▶ [Extracted data entries]
════════════════════

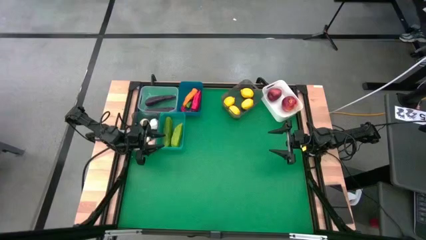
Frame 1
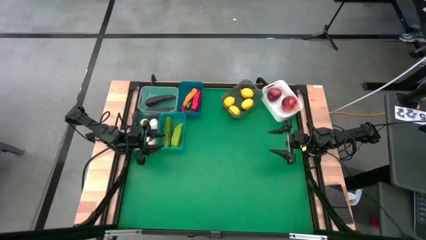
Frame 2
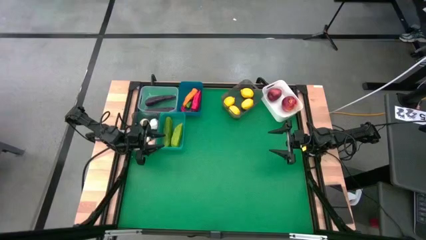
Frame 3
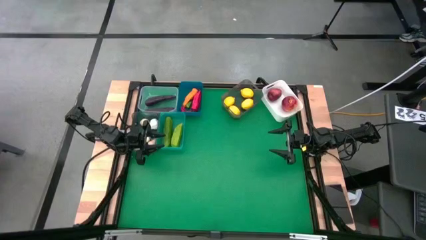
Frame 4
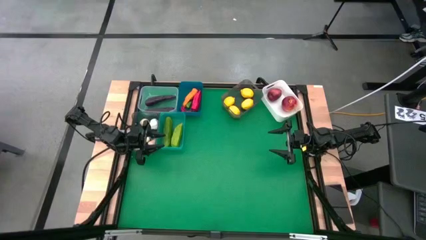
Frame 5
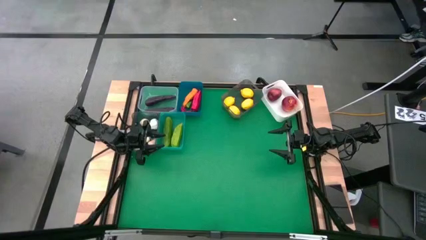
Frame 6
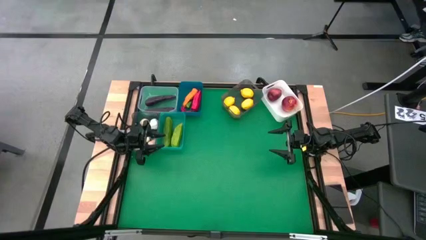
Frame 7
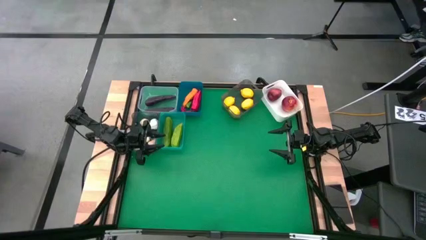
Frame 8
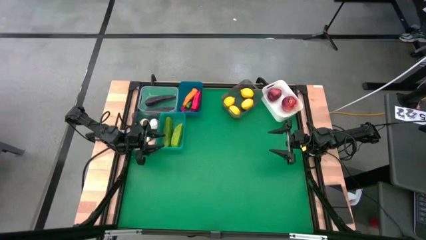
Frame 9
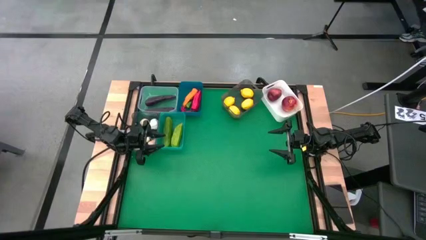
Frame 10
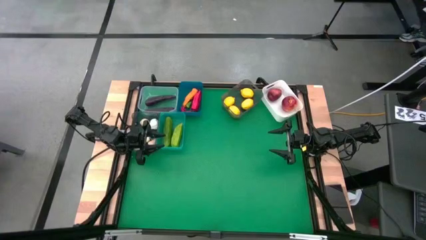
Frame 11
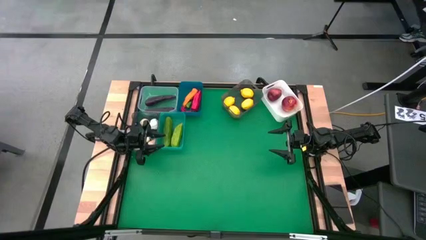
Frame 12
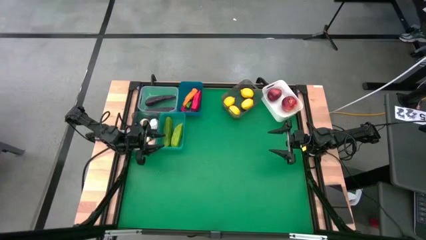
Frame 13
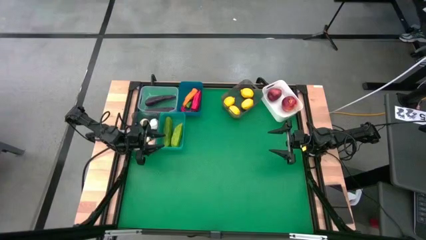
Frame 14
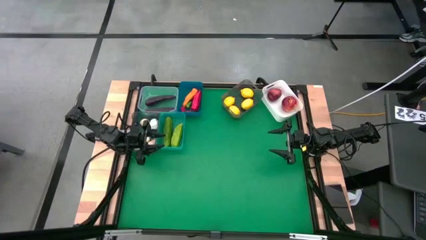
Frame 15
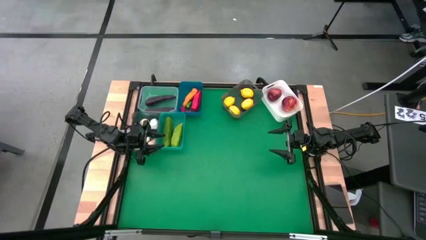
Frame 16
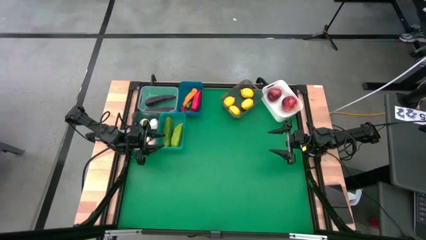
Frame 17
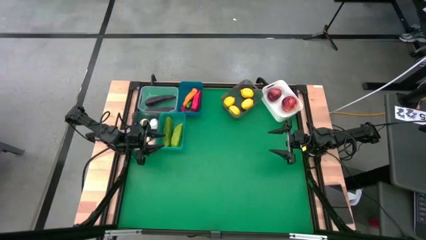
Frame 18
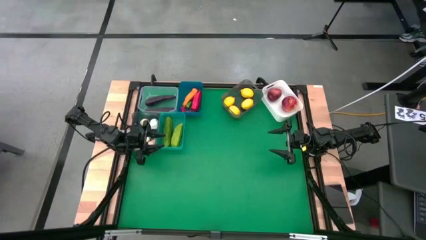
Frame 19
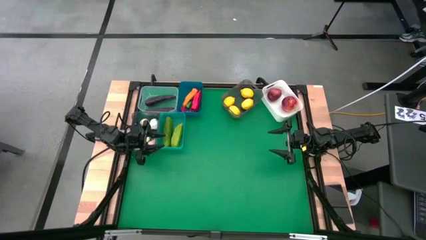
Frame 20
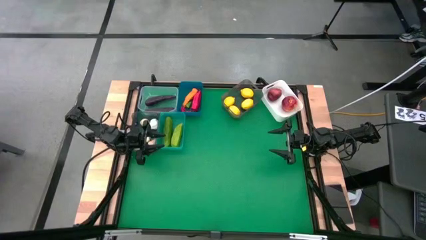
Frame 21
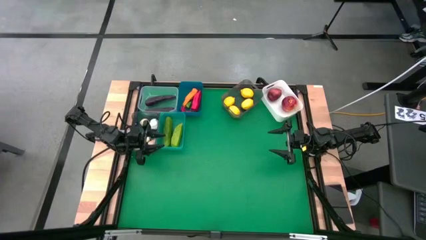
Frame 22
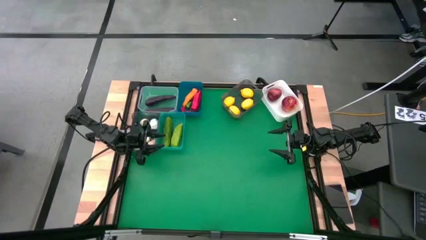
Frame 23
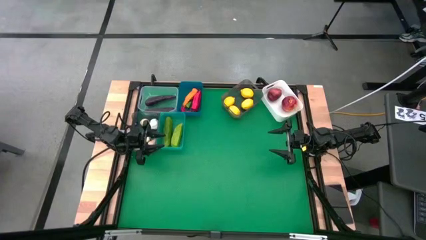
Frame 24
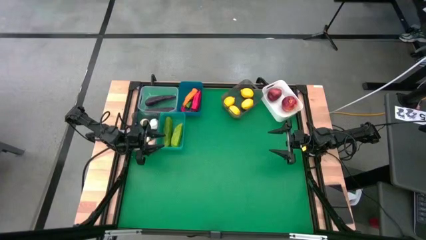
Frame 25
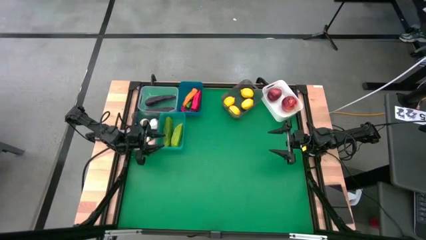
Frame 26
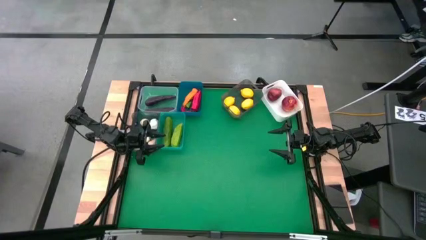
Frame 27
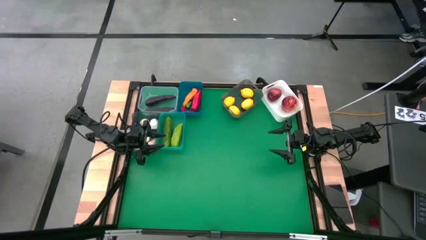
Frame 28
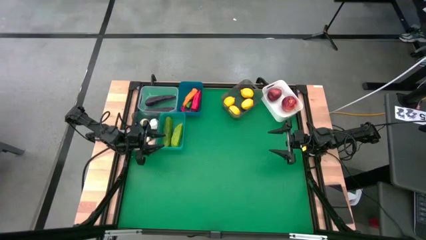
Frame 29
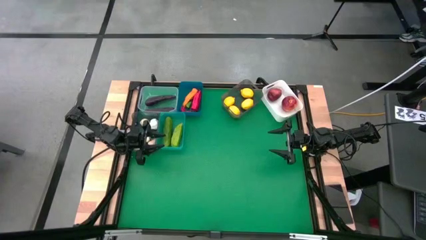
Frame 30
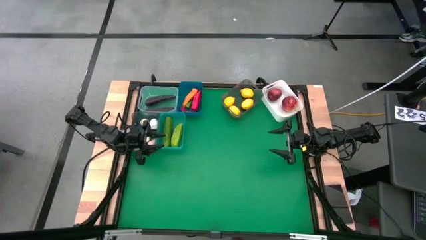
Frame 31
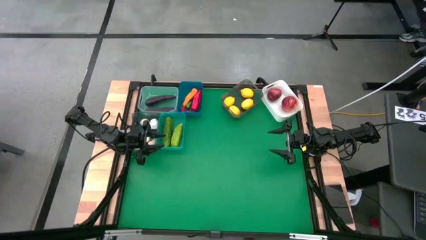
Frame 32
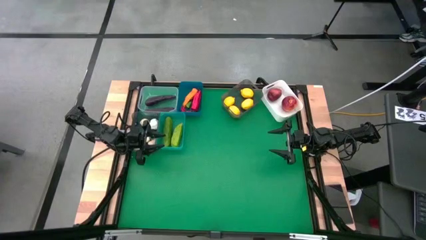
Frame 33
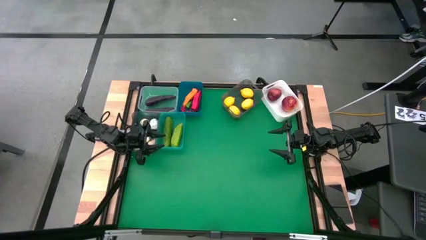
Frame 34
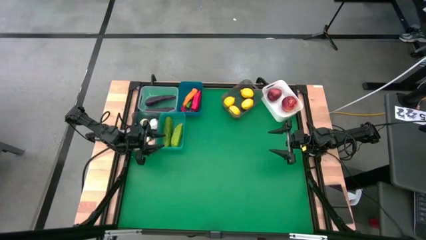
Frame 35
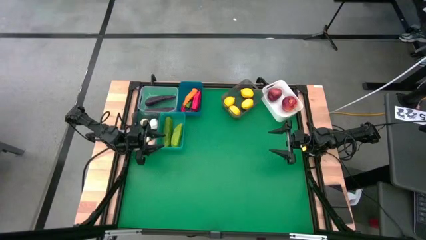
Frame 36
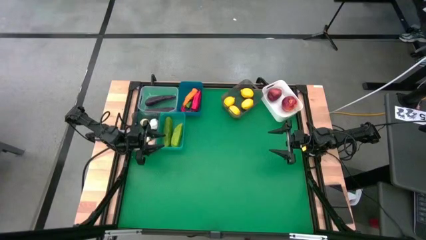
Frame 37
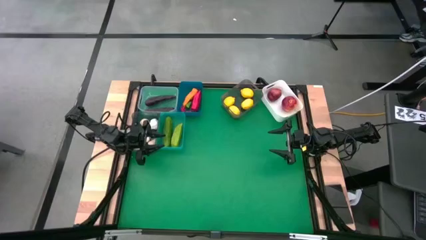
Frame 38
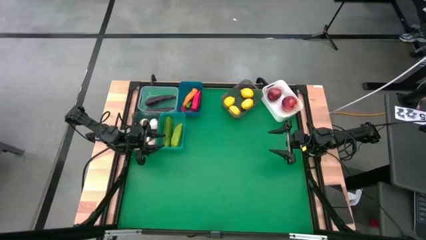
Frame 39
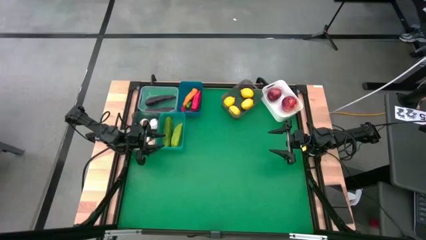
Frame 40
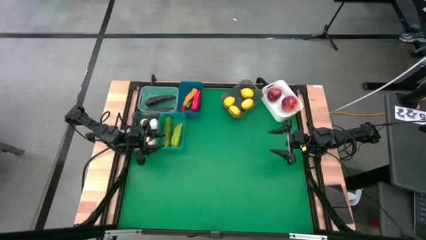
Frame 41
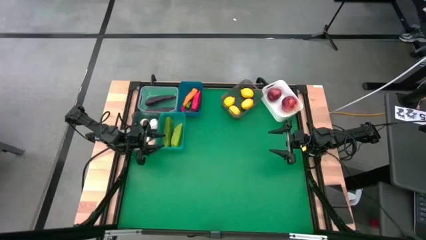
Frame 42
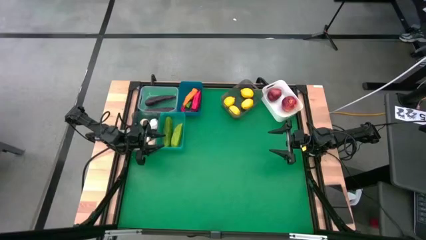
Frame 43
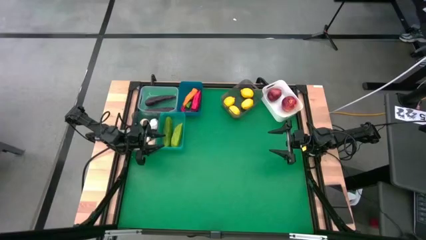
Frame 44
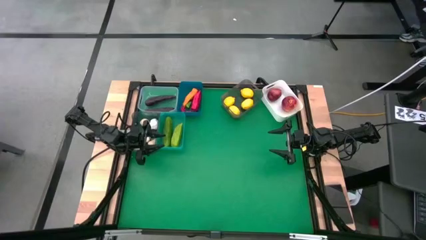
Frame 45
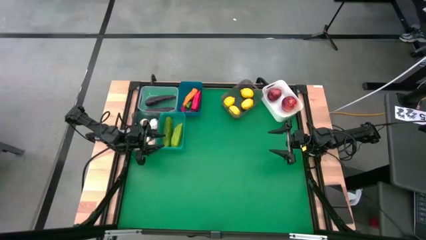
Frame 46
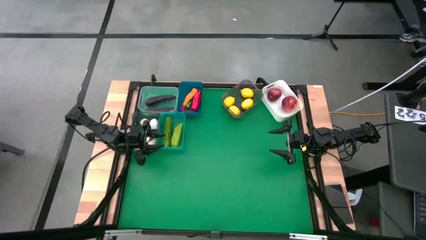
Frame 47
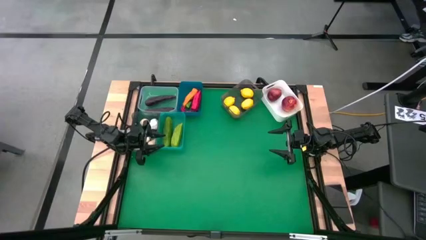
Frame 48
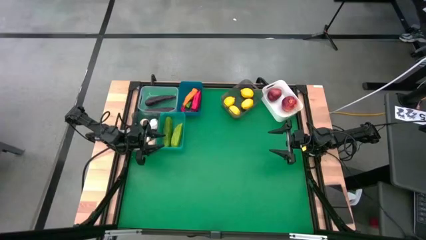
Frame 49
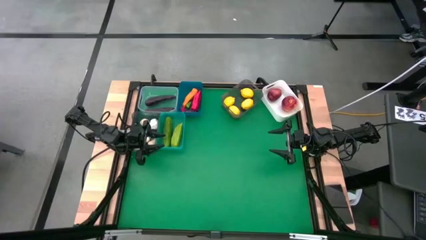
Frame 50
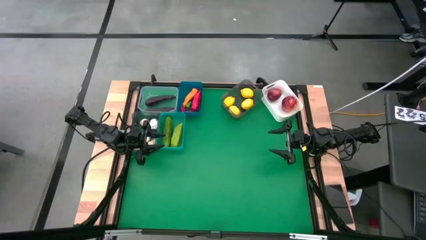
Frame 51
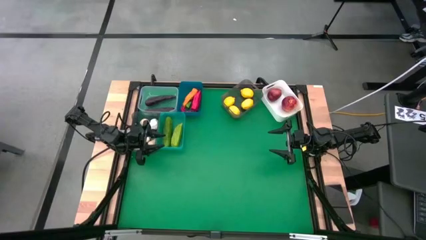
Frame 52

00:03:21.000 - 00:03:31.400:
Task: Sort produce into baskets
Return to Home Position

════════════════════

▶ [Problem to work on] Should the entries hold any pictures, please omit those and print the remaining text exactly.

▶ [Reply to the task]
Frame 1
Frame 2
Frame 3
Frame 4
Frame 5
Frame 6
Frame 7
Frame 8
Frame 9
Frame 10
Frame 11
Frame 12
Frame 13
Frame 14
Frame 15
Frame 16
Frame 17
Frame 18
Frame 19
Frame 20
Frame 21
Frame 22
Frame 23
Frame 24
Frame 25
Frame 26
Frame 27
Frame 28
Frame 29
Frame 30
Frame 31
Frame 32
Frame 33
Frame 34
Frame 35
Frame 36
Frame 37
Frame 38
Frame 39
Frame 40
Frame 41
Frame 42
Frame 43
Frame 44
Frame 45
Frame 46
Frame 47
Frame 48
Frame 49
Frame 50
Frame 51
Frame 52

00:03:21.000 - 00:03:31.400:
Task: Sort produce into baskets
Return to Home Position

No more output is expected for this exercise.